## WHAT IS EXPECTED
Copy exactly the stretch of data below from the line with "value: Now $95.49" through the line with "key: PRODUCT12_NAME", including both of those lines.

## INPUT MATERIAL
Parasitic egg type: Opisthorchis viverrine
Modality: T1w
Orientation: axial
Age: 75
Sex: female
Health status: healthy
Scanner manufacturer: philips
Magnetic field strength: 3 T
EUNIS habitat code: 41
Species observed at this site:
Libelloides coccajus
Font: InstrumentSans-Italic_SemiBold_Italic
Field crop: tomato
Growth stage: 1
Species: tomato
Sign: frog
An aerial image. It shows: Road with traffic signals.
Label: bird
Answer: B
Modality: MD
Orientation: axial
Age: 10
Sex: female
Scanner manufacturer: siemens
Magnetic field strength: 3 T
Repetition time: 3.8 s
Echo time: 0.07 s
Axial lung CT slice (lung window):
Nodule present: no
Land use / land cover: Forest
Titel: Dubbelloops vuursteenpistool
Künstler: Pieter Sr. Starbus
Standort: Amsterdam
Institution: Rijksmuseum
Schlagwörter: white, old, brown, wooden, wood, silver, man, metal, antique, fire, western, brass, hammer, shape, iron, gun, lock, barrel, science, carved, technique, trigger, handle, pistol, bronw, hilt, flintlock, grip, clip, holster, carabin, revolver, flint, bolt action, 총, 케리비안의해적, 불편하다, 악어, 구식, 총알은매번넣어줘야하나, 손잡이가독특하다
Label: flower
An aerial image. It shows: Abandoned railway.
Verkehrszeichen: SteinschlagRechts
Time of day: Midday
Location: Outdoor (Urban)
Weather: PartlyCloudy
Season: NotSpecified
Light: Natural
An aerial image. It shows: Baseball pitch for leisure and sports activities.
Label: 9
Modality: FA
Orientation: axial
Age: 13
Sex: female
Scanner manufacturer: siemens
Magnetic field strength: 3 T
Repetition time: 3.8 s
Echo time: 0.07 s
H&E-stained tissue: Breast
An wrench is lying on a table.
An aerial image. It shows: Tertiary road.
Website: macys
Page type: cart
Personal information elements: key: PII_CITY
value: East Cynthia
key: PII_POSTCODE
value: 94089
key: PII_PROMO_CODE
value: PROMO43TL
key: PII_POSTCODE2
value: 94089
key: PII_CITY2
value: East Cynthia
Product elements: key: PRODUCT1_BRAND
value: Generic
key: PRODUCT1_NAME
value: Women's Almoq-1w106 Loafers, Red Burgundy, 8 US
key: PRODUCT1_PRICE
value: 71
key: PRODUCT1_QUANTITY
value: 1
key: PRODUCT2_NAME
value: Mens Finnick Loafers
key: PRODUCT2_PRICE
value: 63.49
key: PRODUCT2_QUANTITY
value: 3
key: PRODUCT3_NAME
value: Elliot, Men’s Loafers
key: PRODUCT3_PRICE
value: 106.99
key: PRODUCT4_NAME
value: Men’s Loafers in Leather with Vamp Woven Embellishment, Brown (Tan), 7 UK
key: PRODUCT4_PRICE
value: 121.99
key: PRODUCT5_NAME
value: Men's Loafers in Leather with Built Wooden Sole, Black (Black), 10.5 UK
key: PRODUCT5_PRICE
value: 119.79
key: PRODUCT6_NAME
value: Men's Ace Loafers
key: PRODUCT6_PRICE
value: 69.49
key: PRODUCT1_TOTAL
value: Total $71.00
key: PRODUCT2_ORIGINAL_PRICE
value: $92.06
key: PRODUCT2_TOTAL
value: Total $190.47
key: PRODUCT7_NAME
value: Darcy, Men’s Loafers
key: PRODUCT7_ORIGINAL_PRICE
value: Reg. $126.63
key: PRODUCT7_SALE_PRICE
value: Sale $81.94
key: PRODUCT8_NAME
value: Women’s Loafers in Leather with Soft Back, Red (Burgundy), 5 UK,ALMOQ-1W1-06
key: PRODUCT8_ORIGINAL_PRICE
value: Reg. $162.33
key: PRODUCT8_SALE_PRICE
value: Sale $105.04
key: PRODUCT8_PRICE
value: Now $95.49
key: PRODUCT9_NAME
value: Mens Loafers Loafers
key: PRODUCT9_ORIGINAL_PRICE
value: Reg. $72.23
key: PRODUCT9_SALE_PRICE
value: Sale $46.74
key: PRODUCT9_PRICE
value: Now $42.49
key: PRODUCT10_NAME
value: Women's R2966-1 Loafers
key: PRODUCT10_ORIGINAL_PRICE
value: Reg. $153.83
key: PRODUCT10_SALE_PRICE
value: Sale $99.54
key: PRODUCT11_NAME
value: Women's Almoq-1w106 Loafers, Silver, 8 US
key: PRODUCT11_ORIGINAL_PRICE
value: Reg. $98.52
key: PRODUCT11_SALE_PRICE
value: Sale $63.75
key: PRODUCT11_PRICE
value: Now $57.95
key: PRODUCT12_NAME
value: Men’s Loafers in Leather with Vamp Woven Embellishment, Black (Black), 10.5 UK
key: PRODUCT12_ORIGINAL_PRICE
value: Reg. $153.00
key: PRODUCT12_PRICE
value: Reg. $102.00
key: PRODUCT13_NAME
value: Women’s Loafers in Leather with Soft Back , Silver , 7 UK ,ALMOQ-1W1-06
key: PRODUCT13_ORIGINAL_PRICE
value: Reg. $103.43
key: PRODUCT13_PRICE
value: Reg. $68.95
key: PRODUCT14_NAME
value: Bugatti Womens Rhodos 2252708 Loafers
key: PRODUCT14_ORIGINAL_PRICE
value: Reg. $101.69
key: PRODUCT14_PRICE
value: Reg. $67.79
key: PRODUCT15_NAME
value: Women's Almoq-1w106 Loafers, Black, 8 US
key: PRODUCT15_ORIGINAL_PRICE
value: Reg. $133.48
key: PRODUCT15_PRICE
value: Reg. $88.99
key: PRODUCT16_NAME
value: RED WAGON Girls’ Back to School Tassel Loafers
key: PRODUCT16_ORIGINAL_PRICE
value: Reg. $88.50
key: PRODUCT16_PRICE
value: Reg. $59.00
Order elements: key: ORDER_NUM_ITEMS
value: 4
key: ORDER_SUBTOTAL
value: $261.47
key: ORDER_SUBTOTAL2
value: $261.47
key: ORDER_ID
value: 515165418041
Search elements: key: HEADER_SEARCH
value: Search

## RESULT OF THE EXERCISE
value: Now $95.49
key: PRODUCT9_NAME
value: Mens Loafers Loafers
key: PRODUCT9_ORIGINAL_PRICE
value: Reg. $72.23
key: PRODUCT9_SALE_PRICE
value: Sale $46.74
key: PRODUCT9_PRICE
value: Now $42.49
key: PRODUCT10_NAME
value: Women's R2966-1 Loafers
key: PRODUCT10_ORIGINAL_PRICE
value: Reg. $153.83
key: PRODUCT10_SALE_PRICE
value: Sale $99.54
key: PRODUCT11_NAME
value: Women's Almoq-1w106 Loafers, Silver, 8 US
key: PRODUCT11_ORIGINAL_PRICE
value: Reg. $98.52
key: PRODUCT11_SALE_PRICE
value: Sale $63.75
key: PRODUCT11_PRICE
value: Now $57.95
key: PRODUCT12_NAME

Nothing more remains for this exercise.